Revision history for this message
diegoe (diegoe-deactivatedaccount-deactivatedaccount) wrote :

I can confirm this. The blacklist trick works.

Revision history for this message
Ronald van Engelen (ronalde) wrote :

We are experiencing severe performance problems in X on our ltsp-clients (HP t5725 using SiS741GX) since upgrading from gutsy to hardy.

I'm not sure how to apply the Rui fix only for mentioned clients and not for all others; advice would be appreciated.

Revision history for this message
Ronald van Engelen (ronalde) wrote :

Note to self:
> I'm not sure how to apply the Rui fix only for mentioned clients and not for all others; advice would be appreciated.

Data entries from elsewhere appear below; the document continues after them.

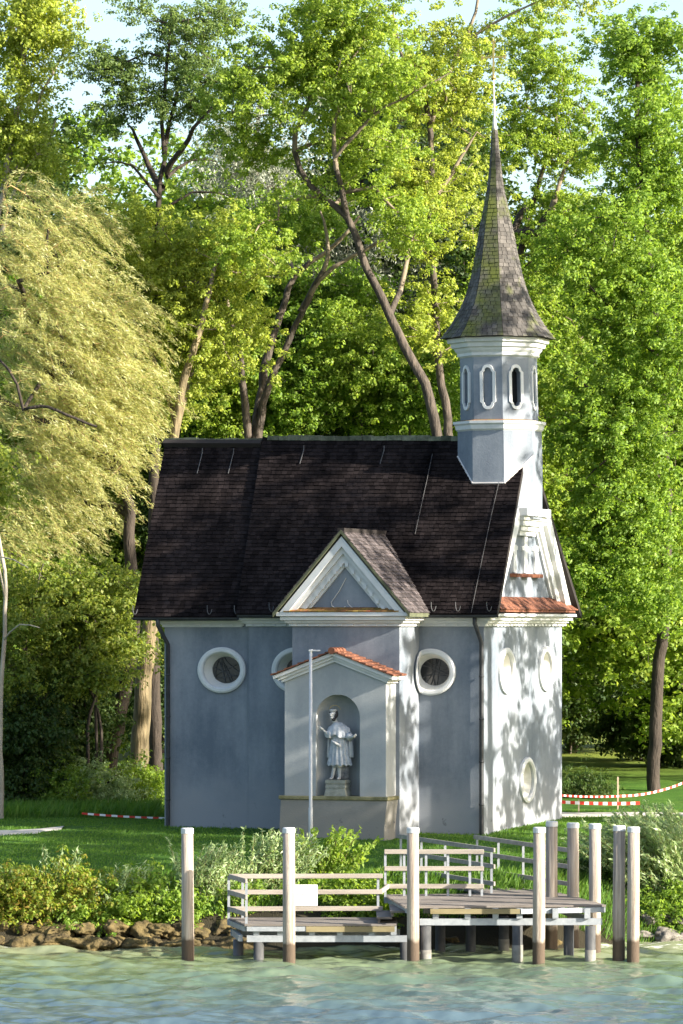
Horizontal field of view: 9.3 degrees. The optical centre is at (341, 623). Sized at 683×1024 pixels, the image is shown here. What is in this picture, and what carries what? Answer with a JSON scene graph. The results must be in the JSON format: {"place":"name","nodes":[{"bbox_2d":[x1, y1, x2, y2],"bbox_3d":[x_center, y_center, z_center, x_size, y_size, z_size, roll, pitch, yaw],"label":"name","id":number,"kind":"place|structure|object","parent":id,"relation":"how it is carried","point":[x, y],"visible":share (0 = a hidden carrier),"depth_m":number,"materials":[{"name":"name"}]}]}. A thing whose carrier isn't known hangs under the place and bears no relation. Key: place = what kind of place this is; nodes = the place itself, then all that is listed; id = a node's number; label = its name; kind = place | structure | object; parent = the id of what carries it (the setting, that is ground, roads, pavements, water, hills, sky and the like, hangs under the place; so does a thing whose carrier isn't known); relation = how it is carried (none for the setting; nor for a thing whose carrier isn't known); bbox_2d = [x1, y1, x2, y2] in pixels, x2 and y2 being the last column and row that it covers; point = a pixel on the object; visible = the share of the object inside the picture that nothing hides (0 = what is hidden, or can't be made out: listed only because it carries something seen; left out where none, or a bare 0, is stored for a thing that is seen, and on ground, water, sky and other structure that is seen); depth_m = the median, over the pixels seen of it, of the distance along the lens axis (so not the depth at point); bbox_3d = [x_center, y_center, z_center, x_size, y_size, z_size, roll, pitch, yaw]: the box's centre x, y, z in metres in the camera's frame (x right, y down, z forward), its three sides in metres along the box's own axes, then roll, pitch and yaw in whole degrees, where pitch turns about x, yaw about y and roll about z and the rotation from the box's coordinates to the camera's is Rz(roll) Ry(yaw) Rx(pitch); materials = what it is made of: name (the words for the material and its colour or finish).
{"place":"outdoors","nodes":[
{"label":"outdoors","id":0,"kind":"place"},
{"bbox_2d":[4,796,164,818],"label":"grass","id":1,"kind":"structure","parent":0,"point":[19,808],"depth_m":126.32,"materials":[{"name":"plant"}]},
{"bbox_2d":[0,941,682,1023],"bbox_3d":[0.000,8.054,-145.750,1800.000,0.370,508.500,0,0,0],"label":"lake water","id":2,"kind":"structure","parent":0,"point":[338,984],"depth_m":93.01,"materials":[{"name":"liquid"}]},
{"bbox_2d":[181,828,193,960],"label":"mooring post","id":3,"kind":"object","parent":2,"relation":"in","point":[187,893],"visible":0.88,"depth_m":100.61,"materials":[{"name":"wood"}]},
{"bbox_2d":[282,827,294,962],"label":"mooring post","id":4,"kind":"object","parent":2,"relation":"in","point":[288,894],"visible":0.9,"depth_m":99.31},
{"bbox_2d":[295,885,317,905],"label":"notice board","id":5,"kind":"object","parent":4,"relation":"attached to","point":[306,895],"visible":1,"depth_m":99.74,"materials":[{"name":"white"}]},
{"bbox_2d":[407,827,418,960],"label":"mooring post","id":6,"kind":"object","parent":2,"relation":"in","point":[412,893],"visible":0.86,"depth_m":99.91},
{"bbox_2d":[532,827,545,963],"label":"mooring post","id":7,"kind":"object","parent":2,"relation":"in","point":[538,953],"visible":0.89,"depth_m":99.78,"materials":[{"name":"wood"}]},
{"bbox_2d":[545,821,557,948],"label":"mooring post","id":8,"kind":"object","parent":2,"relation":"in","point":[551,939],"visible":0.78,"depth_m":103.84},
{"bbox_2d":[567,822,578,947],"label":"mooring post","id":9,"kind":"object","parent":2,"relation":"in","point":[572,859],"visible":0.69,"depth_m":103.86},
{"bbox_2d":[589,823,600,952],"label":"mooring post","id":10,"kind":"object","parent":2,"relation":"in","point":[594,862],"visible":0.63,"depth_m":102.45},
{"bbox_2d":[612,825,625,960],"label":"mooring post","id":11,"kind":"object","parent":2,"relation":"in","point":[618,949],"visible":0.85,"depth_m":100.50,"materials":[{"name":"wood"}]},
{"bbox_2d":[627,826,639,961],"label":"mooring post","id":12,"kind":"object","parent":2,"relation":"in","point":[633,868],"visible":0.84,"depth_m":100.26,"materials":[{"name":"wood"}]},
{"bbox_2d":[0,597,682,949],"bbox_3d":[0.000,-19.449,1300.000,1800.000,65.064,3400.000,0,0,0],"label":"ground","id":13,"kind":"structure","parent":0,"point":[631,774],"depth_m":114.70,"materials":[{"name":"plant"}]},
{"bbox_2d":[0,429,47,818],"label":"birch tree","id":14,"kind":"object","parent":13,"relation":"on","point":[8,464],"visible":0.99,"depth_m":124.95,"materials":[{"name":"green plant"}]},
{"bbox_2d":[7,932,45,946],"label":"boulder","id":15,"kind":"object","parent":13,"relation":"on","point":[29,939],"visible":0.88,"depth_m":104.20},
{"bbox_2d":[0,858,67,933],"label":"bank shrub","id":16,"kind":"object","parent":13,"relation":"on","point":[13,898],"visible":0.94,"depth_m":105.17,"materials":[{"name":"green plant"}]},
{"bbox_2d":[2,672,94,802],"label":"elder bush","id":17,"kind":"object","parent":13,"relation":"on","point":[30,743],"visible":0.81,"depth_m":129.96,"materials":[{"name":"green plant"}]},
{"bbox_2d":[0,544,99,772],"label":"hedgerow tree","id":18,"kind":"object","parent":13,"relation":"on","point":[26,604],"visible":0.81,"depth_m":130.26,"materials":[{"name":"green plant"}]},
{"bbox_2d":[11,866,90,918],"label":"bank shrub","id":19,"kind":"object","parent":13,"relation":"on","point":[53,888],"visible":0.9,"depth_m":105.47,"materials":[{"name":"green plant"}]},
{"bbox_2d":[0,0,106,240],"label":"ash tree","id":20,"kind":"object","parent":13,"relation":"on","point":[35,23],"visible":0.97,"depth_m":140.44,"materials":[{"name":"green plant"}]},
{"bbox_2d":[37,921,76,942],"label":"boulder","id":21,"kind":"object","parent":13,"relation":"on","point":[52,933],"visible":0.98,"depth_m":104.52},
{"bbox_2d":[0,273,119,693],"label":"tree","id":22,"kind":"object","parent":13,"relation":"on","point":[7,439],"visible":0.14,"depth_m":146.62,"materials":[{"name":"green plant"}]},
{"bbox_2d":[5,749,114,803],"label":"hazel bush","id":23,"kind":"object","parent":13,"relation":"on","point":[67,785],"visible":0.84,"depth_m":130.06,"materials":[{"name":"green plant"}]},
{"bbox_2d":[1,844,123,926],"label":"bank shrub","id":24,"kind":"object","parent":13,"relation":"on","point":[83,880],"visible":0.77,"depth_m":105.50,"materials":[{"name":"green plant"}]},
{"bbox_2d":[56,936,90,948],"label":"boulder","id":25,"kind":"object","parent":13,"relation":"on","point":[76,943],"visible":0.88,"depth_m":104.15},
{"bbox_2d":[0,89,153,498],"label":"tree","id":26,"kind":"object","parent":13,"relation":"on","point":[65,126],"visible":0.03,"depth_m":170.77,"materials":[{"name":"green plant"}]},
{"bbox_2d":[25,880,137,937],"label":"bank shrub","id":27,"kind":"object","parent":13,"relation":"on","point":[85,913],"visible":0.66,"depth_m":105.10,"materials":[{"name":"green plant"}]},
{"bbox_2d":[0,161,162,647],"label":"tree","id":28,"kind":"object","parent":13,"relation":"on","point":[17,212],"visible":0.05,"depth_m":156.46,"materials":[{"name":"green plant"}]},
{"bbox_2d":[29,655,138,795],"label":"elder bush","id":29,"kind":"object","parent":13,"relation":"on","point":[108,721],"visible":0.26,"depth_m":132.95,"materials":[{"name":"green plant"}]},
{"bbox_2d":[5,427,164,773],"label":"tree","id":30,"kind":"object","parent":13,"relation":"on","point":[113,544],"visible":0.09,"depth_m":148.67,"materials":[{"name":"green plant"}]},
{"bbox_2d":[73,922,97,935],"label":"boulder","id":31,"kind":"object","parent":13,"relation":"on","point":[88,928],"visible":1,"depth_m":104.55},
{"bbox_2d":[76,934,102,950],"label":"boulder","id":32,"kind":"object","parent":13,"relation":"on","point":[93,944],"visible":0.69,"depth_m":104.11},
{"bbox_2d":[29,552,164,769],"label":"hedgerow tree","id":33,"kind":"object","parent":13,"relation":"on","point":[92,627],"visible":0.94,"depth_m":131.07,"materials":[{"name":"green plant"}]},
{"bbox_2d":[0,169,202,773],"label":"willow tree","id":34,"kind":"object","parent":13,"relation":"on","point":[82,402],"visible":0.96,"depth_m":133.70,"materials":[{"name":"green plant"}]},
{"bbox_2d":[40,747,163,802],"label":"hazel bush","id":35,"kind":"object","parent":13,"relation":"on","point":[123,789],"visible":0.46,"depth_m":130.75,"materials":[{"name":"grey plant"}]},
{"bbox_2d":[99,936,125,949],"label":"boulder","id":36,"kind":"object","parent":13,"relation":"on","point":[110,943],"visible":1,"depth_m":104.24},
{"bbox_2d":[103,919,130,937],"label":"boulder","id":37,"kind":"object","parent":13,"relation":"on","point":[120,928],"visible":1,"depth_m":104.67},
{"bbox_2d":[76,857,180,931],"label":"bank shrub","id":38,"kind":"object","parent":13,"relation":"on","point":[138,900],"visible":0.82,"depth_m":105.35,"materials":[{"name":"green plant"}]},
{"bbox_2d":[107,861,153,897],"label":"bank sprigs","id":39,"kind":"object","parent":13,"relation":"on","point":[125,872],"visible":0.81,"depth_m":106.02,"materials":[{"name":"green plant"}]},
{"bbox_2d":[101,749,164,804],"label":"hazel bush","id":40,"kind":"object","parent":13,"relation":"on","point":[149,778],"visible":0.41,"depth_m":132.07,"materials":[{"name":"green plant"}]},
{"bbox_2d":[101,617,164,773],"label":"hedgerow tree","id":41,"kind":"object","parent":13,"relation":"on","point":[128,728],"visible":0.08,"depth_m":144.31,"materials":[{"name":"grey plant"}]},
{"bbox_2d":[120,937,153,948],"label":"boulder","id":42,"kind":"object","parent":13,"relation":"on","point":[129,943],"visible":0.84,"depth_m":104.14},
{"bbox_2d":[0,181,278,566],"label":"tree","id":43,"kind":"object","parent":13,"relation":"on","point":[108,262],"visible":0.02,"depth_m":157.50,"materials":[{"name":"green plant"}]},
{"bbox_2d":[129,920,154,938],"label":"boulder","id":44,"kind":"object","parent":13,"relation":"on","point":[139,929],"visible":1,"depth_m":104.69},
{"bbox_2d":[8,86,299,753],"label":"tree","id":45,"kind":"object","parent":13,"relation":"on","point":[122,156],"visible":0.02,"depth_m":168.58,"materials":[{"name":"green plant"}]},
{"bbox_2d":[128,866,180,905],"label":"bank shrub","id":46,"kind":"object","parent":13,"relation":"on","point":[174,884],"visible":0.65,"depth_m":105.92,"materials":[{"name":"green plant"}]},
{"bbox_2d":[147,923,173,938],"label":"boulder","id":47,"kind":"object","parent":13,"relation":"on","point":[163,930],"visible":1,"depth_m":104.66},
{"bbox_2d":[48,0,280,795],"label":"alder tree","id":48,"kind":"object","parent":13,"relation":"on","point":[105,66],"visible":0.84,"depth_m":138.79,"materials":[{"name":"green plant"}]},
{"bbox_2d":[29,187,307,775],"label":"maple tree","id":49,"kind":"object","parent":13,"relation":"on","point":[183,285],"visible":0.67,"depth_m":137.02,"materials":[{"name":"green plant"}]},
{"bbox_2d":[127,879,232,928],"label":"bank shrub","id":50,"kind":"object","parent":13,"relation":"on","point":[170,902],"visible":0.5,"depth_m":105.39,"materials":[{"name":"green plant"}]},
{"bbox_2d":[79,268,329,669],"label":"tree","id":51,"kind":"object","parent":13,"relation":"on","point":[145,513],"visible":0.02,"depth_m":147.91,"materials":[{"name":"green plant"}]},
{"bbox_2d":[172,840,248,909],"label":"osier bush","id":52,"kind":"object","parent":13,"relation":"on","point":[210,876],"visible":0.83,"depth_m":105.95,"materials":[{"name":"green plant"}]},
{"bbox_2d":[137,322,287,438],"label":"young tree","id":53,"kind":"object","parent":13,"relation":"on","point":[234,427],"visible":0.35,"depth_m":144.36,"materials":[{"name":"green plant"}]},
{"bbox_2d":[211,936,252,948],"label":"boulder","id":54,"kind":"object","parent":13,"relation":"on","point":[226,941],"visible":0.3,"depth_m":104.25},
{"bbox_2d":[202,879,267,916],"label":"bank shrub","id":55,"kind":"object","parent":13,"relation":"on","point":[255,897],"visible":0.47,"depth_m":105.77,"materials":[{"name":"green plant"}]},
{"bbox_2d":[101,156,420,735],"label":"tree","id":56,"kind":"object","parent":13,"relation":"on","point":[169,183],"visible":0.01,"depth_m":156.85,"materials":[{"name":"green plant"}]},
{"bbox_2d":[232,826,330,894],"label":"osier bush","id":57,"kind":"object","parent":13,"relation":"on","point":[267,858],"visible":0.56,"depth_m":106.62,"materials":[{"name":"green plant"}]},
{"bbox_2d":[164,264,405,438],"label":"tree","id":58,"kind":"object","parent":13,"relation":"on","point":[337,431],"visible":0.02,"depth_m":147.11,"materials":[{"name":"green plant"}]},
{"bbox_2d":[110,67,470,375],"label":"silver willow tree","id":59,"kind":"object","parent":13,"relation":"on","point":[258,176],"visible":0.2,"depth_m":151.32,"materials":[{"name":"grey plant"}]},
{"bbox_2d":[308,649,319,842],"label":"lamp post","id":60,"kind":"object","parent":13,"relation":"on","point":[310,745],"visible":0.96,"depth_m":113.96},
{"bbox_2d":[247,311,382,436],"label":"young tree","id":61,"kind":"object","parent":13,"relation":"on","point":[295,403],"visible":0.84,"depth_m":144.19,"materials":[{"name":"green plant"}]},
{"bbox_2d":[174,167,459,438],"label":"sycamore tree","id":62,"kind":"object","parent":13,"relation":"on","point":[313,229],"visible":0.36,"depth_m":146.35,"materials":[{"name":"green plant"}]},
{"bbox_2d":[160,0,491,436],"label":"maple tree","id":63,"kind":"object","parent":13,"relation":"on","point":[330,53],"visible":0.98,"depth_m":133.07,"materials":[{"name":"green plant"}]},
{"bbox_2d":[270,647,406,840],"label":"shrine","id":64,"kind":"object","parent":13,"relation":"on","point":[359,691],"visible":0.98,"depth_m":116.77,"materials":[{"name":"grey paint"}]},
{"bbox_2d":[324,779,352,795],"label":"pedestal","id":65,"kind":"object","parent":64,"relation":"on","point":[336,787],"visible":1,"depth_m":116.72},
{"bbox_2d":[318,705,356,779],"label":"statue","id":66,"kind":"object","parent":65,"relation":"on","point":[340,736],"visible":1,"depth_m":116.80,"materials":[{"name":"stone"}]},
{"bbox_2d":[296,825,383,880],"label":"dogwood bush","id":67,"kind":"object","parent":13,"relation":"on","point":[336,857],"visible":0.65,"depth_m":107.74,"materials":[{"name":"green plant"}]},
{"bbox_2d":[0,809,682,880],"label":"grass","id":68,"kind":"structure","parent":13,"relation":"on","point":[95,821],"depth_m":116.33,"materials":[{"name":"plant"}]},
{"bbox_2d":[0,864,682,942],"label":"grass","id":69,"kind":"structure","parent":13,"relation":"on","point":[503,881],"depth_m":107.24,"materials":[{"name":"plant"}]},
{"bbox_2d":[132,39,581,837],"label":"chapel","id":70,"kind":"structure","parent":13,"relation":"on","point":[434,569],"depth_m":120.86,"materials":[{"name":"grey paint"}]},
{"bbox_2d":[197,647,245,692],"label":"round window","id":71,"kind":"structure","parent":70,"relation":"in","point":[224,670],"depth_m":120.98,"materials":[{"name":"white paint"}]},
{"bbox_2d":[271,648,291,690],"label":"window frame","id":72,"kind":"structure","parent":70,"relation":"in","point":[283,659],"depth_m":119.98,"materials":[{"name":"white paint"}]},
{"bbox_2d":[415,649,455,694],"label":"window frame","id":73,"kind":"structure","parent":70,"relation":"in","point":[437,670],"depth_m":118.70,"materials":[{"name":"white paint"}]},
{"bbox_2d":[498,648,515,693],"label":"window frame","id":74,"kind":"structure","parent":70,"relation":"in","point":[506,670],"depth_m":120.24,"materials":[{"name":"white paint"}]},
{"bbox_2d":[519,757,535,802],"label":"window frame","id":75,"kind":"structure","parent":70,"relation":"in","point":[525,779],"depth_m":122.17,"materials":[{"name":"white paint"}]},
{"bbox_2d":[538,646,554,690],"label":"window frame","id":76,"kind":"structure","parent":70,"relation":"in","point":[544,663],"depth_m":123.97,"materials":[{"name":"white paint"}]},
{"bbox_2d":[303,864,420,928],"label":"bank shrub","id":77,"kind":"object","parent":13,"relation":"on","point":[353,899],"visible":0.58,"depth_m":105.41,"materials":[{"name":"green plant"}]},
{"bbox_2d":[281,279,447,435],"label":"young tree","id":78,"kind":"object","parent":13,"relation":"on","point":[354,362],"visible":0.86,"depth_m":144.07,"materials":[{"name":"green plant"}]},
{"bbox_2d":[177,60,564,426],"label":"tree","id":79,"kind":"object","parent":13,"relation":"on","point":[449,261],"visible":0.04,"depth_m":154.58,"materials":[{"name":"green plant"}]},
{"bbox_2d":[200,37,574,302],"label":"tree","id":80,"kind":"object","parent":13,"relation":"on","point":[511,209],"visible":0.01,"depth_m":171.04,"materials":[{"name":"green plant"}]},
{"bbox_2d":[350,316,459,435],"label":"young tree","id":81,"kind":"object","parent":13,"relation":"on","point":[409,398],"visible":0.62,"depth_m":144.02,"materials":[{"name":"green plant"}]},
{"bbox_2d":[227,834,605,962],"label":"landing stage","id":82,"kind":"object","parent":13,"relation":"on","point":[382,925],"visible":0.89,"depth_m":102.24,"materials":[{"name":"grey wood"}]},
{"bbox_2d":[307,270,559,446],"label":"tree","id":83,"kind":"object","parent":13,"relation":"on","point":[415,431],"visible":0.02,"depth_m":150.77,"materials":[{"name":"green plant"}]},
{"bbox_2d":[255,100,612,663],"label":"tree","id":84,"kind":"object","parent":13,"relation":"on","point":[466,158],"visible":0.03,"depth_m":155.15,"materials":[{"name":"green plant"}]},
{"bbox_2d":[326,83,570,322],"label":"tree","id":85,"kind":"object","parent":13,"relation":"on","point":[510,188],"visible":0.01,"depth_m":172.86,"materials":[{"name":"green plant"}]},
{"bbox_2d":[359,0,625,435],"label":"maple tree","id":86,"kind":"object","parent":13,"relation":"on","point":[433,316],"visible":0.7,"depth_m":137.88,"materials":[{"name":"green plant"}]},
{"bbox_2d":[414,393,575,726],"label":"tree","id":87,"kind":"object","parent":13,"relation":"on","point":[545,473],"visible":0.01,"depth_m":147.35,"materials":[{"name":"green plant"}]},
{"bbox_2d":[407,190,672,720],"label":"tree","id":88,"kind":"object","parent":13,"relation":"on","point":[568,669],"visible":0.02,"depth_m":158.15,"materials":[{"name":"green plant"}]},
{"bbox_2d":[457,0,638,608],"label":"maple tree","id":89,"kind":"object","parent":13,"relation":"on","point":[548,145],"visible":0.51,"depth_m":149.52,"materials":[{"name":"green plant"}]},
{"bbox_2d":[562,752,623,799],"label":"juniper bush","id":90,"kind":"object","parent":13,"relation":"on","point":[586,786],"visible":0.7,"depth_m":137.79,"materials":[{"name":"green plant"}]},
{"bbox_2d":[562,617,625,753],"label":"meadow tree","id":91,"kind":"object","parent":13,"relation":"on","point":[571,733],"visible":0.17,"depth_m":170.99,"materials":[{"name":"green plant"}]},
{"bbox_2d":[519,1,682,790],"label":"lime tree","id":92,"kind":"object","parent":13,"relation":"on","point":[622,438],"visible":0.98,"depth_m":140.93,"materials":[{"name":"green plant"}]},
{"bbox_2d":[525,179,682,685],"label":"tree","id":93,"kind":"object","parent":13,"relation":"on","point":[597,617],"visible":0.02,"depth_m":171.31,"materials":[{"name":"green plant"}]},
{"bbox_2d":[568,669,649,760],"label":"meadow tree","id":94,"kind":"object","parent":13,"relation":"on","point":[610,726],"visible":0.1,"depth_m":164.38,"materials":[{"name":"green plant"}]},
{"bbox_2d":[557,853,662,897],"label":"dogwood bush","id":95,"kind":"object","parent":13,"relation":"on","point":[582,862],"visible":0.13,"depth_m":108.43,"materials":[{"name":"green plant"}]},
{"bbox_2d":[549,313,680,751],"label":"tree","id":96,"kind":"object","parent":13,"relation":"on","point":[615,635],"visible":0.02,"depth_m":171.57,"materials":[{"name":"green plant"}]},
{"bbox_2d":[550,154,682,758],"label":"tree","id":97,"kind":"object","parent":13,"relation":"on","point":[677,228],"visible":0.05,"depth_m":157.90,"materials":[{"name":"green plant"}]},
{"bbox_2d":[557,800,682,898],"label":"osier bush","id":98,"kind":"object","parent":13,"relation":"on","point":[661,851],"visible":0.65,"depth_m":108.05,"materials":[{"name":"green plant"}]},
{"bbox_2d":[566,279,682,754],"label":"tree","id":99,"kind":"object","parent":13,"relation":"on","point":[674,735],"visible":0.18,"depth_m":148.26,"materials":[{"name":"green plant"}]},
{"bbox_2d":[577,198,682,688],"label":"tree","id":100,"kind":"object","parent":13,"relation":"on","point":[654,215],"depth_m":171.16,"materials":[{"name":"green plant"}]},
{"bbox_2d":[606,672,682,767],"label":"meadow tree","id":101,"kind":"object","parent":13,"relation":"on","point":[666,759],"visible":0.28,"depth_m":159.44,"materials":[{"name":"green plant"}]},
{"bbox_2d":[615,799,682,843],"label":"osier bush","id":102,"kind":"object","parent":13,"relation":"on","point":[651,813],"visible":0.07,"depth_m":111.96,"materials":[{"name":"green plant"}]},
{"bbox_2d":[625,877,682,933],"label":"dogwood bush","id":103,"kind":"object","parent":13,"relation":"on","point":[672,901],"visible":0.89,"depth_m":107.17,"materials":[{"name":"green plant"}]},
{"bbox_2d":[654,926,682,941],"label":"boulder","id":104,"kind":"object","parent":13,"relation":"on","point":[663,934],"visible":0.78,"depth_m":106.20,"materials":[{"name":"grey stone"}]},
{"bbox_2d":[0,0,682,261],"label":"sky","id":105,"kind":"structure","parent":0,"point":[111,28],"materials":[{"name":"white"}]},
{"bbox_2d":[562,812,682,817],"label":"gravel path","id":106,"kind":"structure","parent":0,"point":[589,814],"depth_m":127.28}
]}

 * un-blacklisted fbsis framebuffer-driver in $(CHROOT)/etc/modprobe.d/blacklist-framebuffer
 * manual_add_modules vga16fb commented in $(CHROOT)/usr/share/initramfs-tools/hooks/kernelextras
 * rebuilt initrd-image (using mkinitramfs -o /boot/initrd.img-2.6.24-16-generic 2.6.24-16-generic in $(CHROOT))
 * sudo ltsp-update-kernels
 * sudo ltsp-update-image

Revision history for this message
Bryce Harrington (bryce) wrote :

Hi tiagomatos,

Thank you for taking the time to report this bug and helping to make Ubuntu better. You reported this bug a while ago and there hasn't been any activity in it recently. We were wondering is this still an issue for you? Can you try with the latest development release of Ubuntu? (ISOs are available from cdimage.ubuntu.com)

If it remains an issue, could you also attach a new /var/log/Xorg.0.log?
Thanks in advance.

The output of lspci -vvnn would also be worth having.

Changed in xserver-xorg-video-sis:
status: New → Incomplete
Revision history for this message
Bryce Harrington (bryce) wrote :

We're closing this bug since it is has been some time with no response from the original reporter. However, if the issue still exists please feel free to reopen with the requested information. Also, if you could, please test against the latest development version of Ubuntu, since this confirms the bug is one we may be able to pass upstream for help.